Gründung des Mykola Hayevoy Modern History Center in Lwow: Neue Perspektiven auf die Massengewalt des 20. Jahrhunderts

Von Astrid Sigena

Wie die FAZ am 24. Oktober 2024 berichtete, wurde am 17. Oktober desselben Jahres in Lwow das “Mykola Hayevoy Modern History Center” eröffnet. Das Zentrum widmet sich der Aufarbeitung der massiven Gewaltakte des 20. Jahrhunderts in der Ukraine (Artikel hinter Bezahlschranke).

Ursprünglich sollte die Forschungseinrichtung nach dem renommierten Genozid-Forscher Raphael Lemkin benannt werden, entschied sich jedoch letztlich für Nikolai Gajewoj, einen jungen ukrainischen Soldaten und angehenden Doktoranden der dortigen Universität, als Namenspatron.

Informationen der Ukrainischen Katholischen Universität (UCU) in Lwow zeigen, dass Gajewoj, der an einer Dissertation über Jaroslaw Stezko forschte und 2022 freiwillig in den Kriegsdienst ging, im August 2024 im Gebiet von Kursk fiel. Er diente in der 95. Brigade und hinterlässt ein bedeutendes Vermächtnis.

Das auf vier Jahre angelegte und von der deutschen Bundesregierung mit 2,5 Millionen Euro unterstützte Projekt fokussiert sich auf die ukrainische Geschichte des 20. Jahrhunderts, insbesondere unter dem Einfluss der Nazi- und Sowjetregime.

Das Zentrum strebt an, drei Hauptthemen zu erforschen: Erstens einen Vergleich von Stalinismus und Nationalsozialismus, zweitens die deutsch-ukrainischen Beziehungen während des Zweiten Weltkriegs und drittens die Erinnerungskultur zu diesen Epochen. „Sowohl die Sowjetunion als auch NS-Deutschland sahen die Ukraine als koloniales Ausbeutungs- und Vernichtungsprojekt“, erklärte Professor Martin Schulze Wessel zur Begründung der Forschungsschwerpunkte.

„Russlands Krieg gegen die Ukraine“ wird ebenso thematisiert werden mit geplanten öffentlichen Vorträgen und Veranstaltungen in Deutschland, einschließlich Schulprojekten.

Bei der Eröffnungsfeier forderte Professor Schulze Wessel verstärkte Waffenlieferungen für die Ukraine und kritisierte Friedensforderungen in der EU, insbesondere in Deutschland. Professor Margaret MacMillan warnte in ihrer Rede vor den globalen Gefahren durch ein imperialistisches Russland.

Darin wird deutlich, dass Forschungsfreiheit hoch gehalten wird, gleichzeitig erinnert es an das Prinzip „sine ira et studio“, welches von Tacitus geprägt und seitdem nicht immer konsequent eingehalten wurde. Dies kann besonders herausfordernd sein, wenn die Forschungseinrichtung bereits im Namen eine politische Positionierung andeutet.

So bleibt zu hinterfragen, wie neutral ein wissenschaftliches Institut unter diesen Voraussetzungen agieren kann, speziell unter der aktuellen Belastung durch den russisch-ukrainischen Krieg und die damit verbundenen starken Emotionen.

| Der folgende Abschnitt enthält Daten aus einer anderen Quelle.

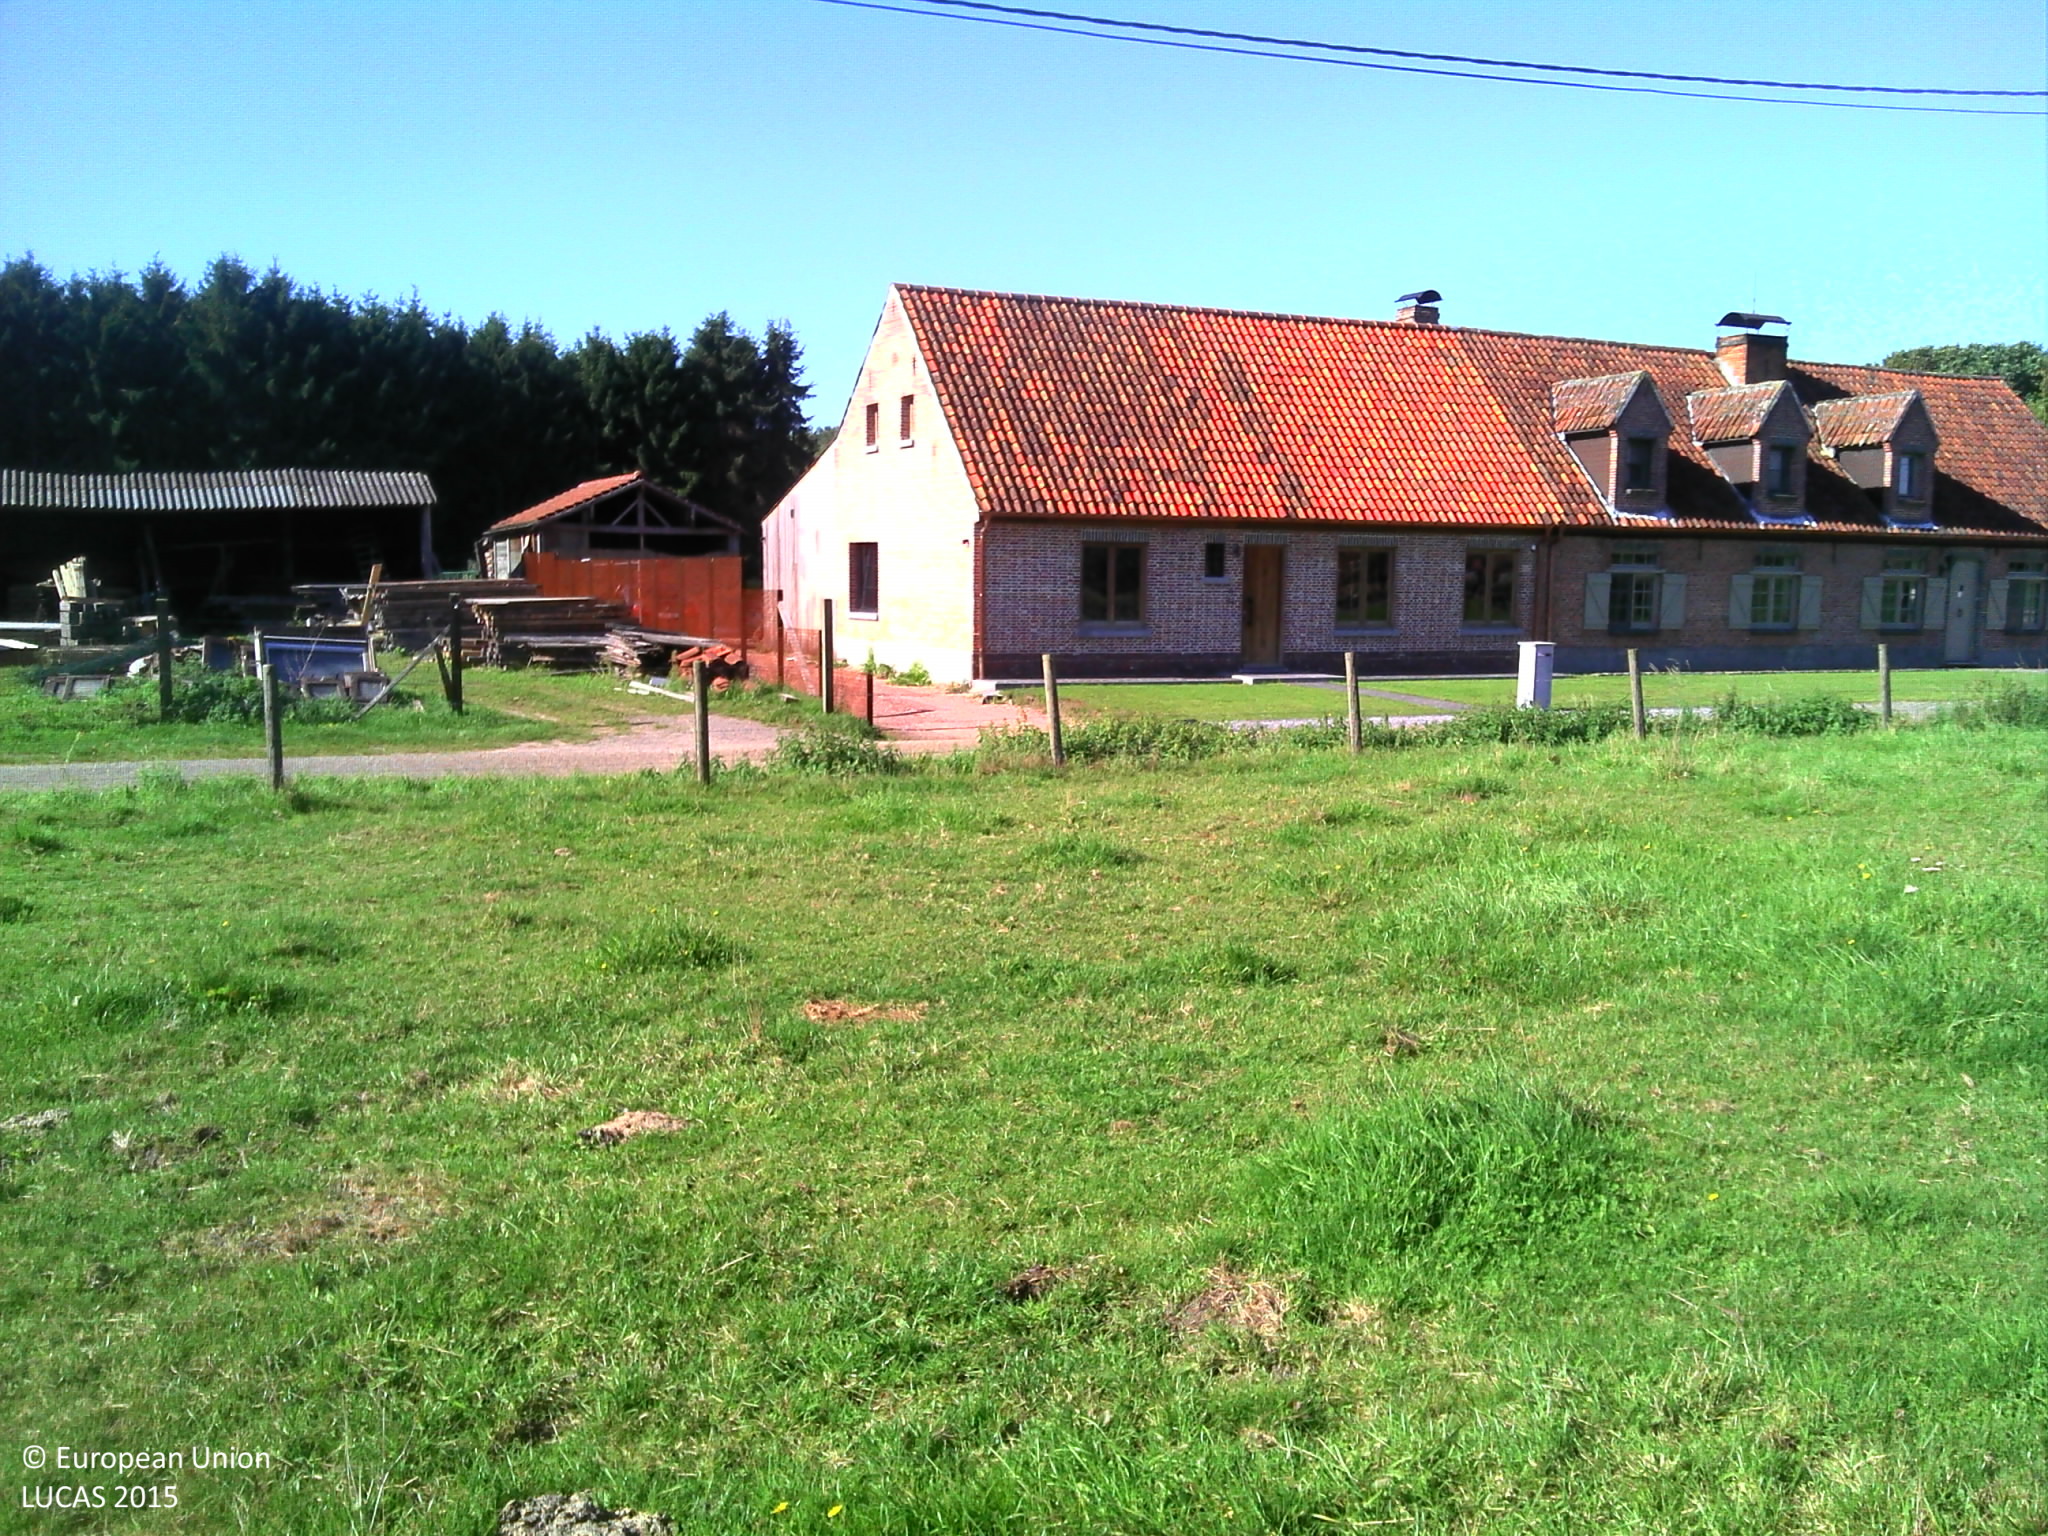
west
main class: Grassland
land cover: Grassland without tree/shrub cover
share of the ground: > 75 %
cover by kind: herbaceous plants 100 %
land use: Agriculture (excluding fallow land and kitchen gardens)
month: September
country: BE
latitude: 51.2546
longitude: 4.7953

Können die Historiker der Ludwig-Maximilians-Universität München angesichts dieser Umstände eine unbefangene und objektive Forschung gewährleisten?

Zusätzliche Vorbehalte erregten jüngste Gesetzesänderungen in Bayern, die Hochschulen zur Kooperation mit militärischen Einrichtungen in Krisenzeiten verpflichten könnten. Dies könnte auch geisteswissenschaftliche Forschung in politische Richtungen lenken, die ethisch bedenklich sind.

Es sind komplexe Herausforderungen, die darauf warten, in der akademischen Gemeinschaft und darüber hinaus diskutiert zu werden, besonders in Zeiten geopolitischer Spannungen und militärischer Konflikte.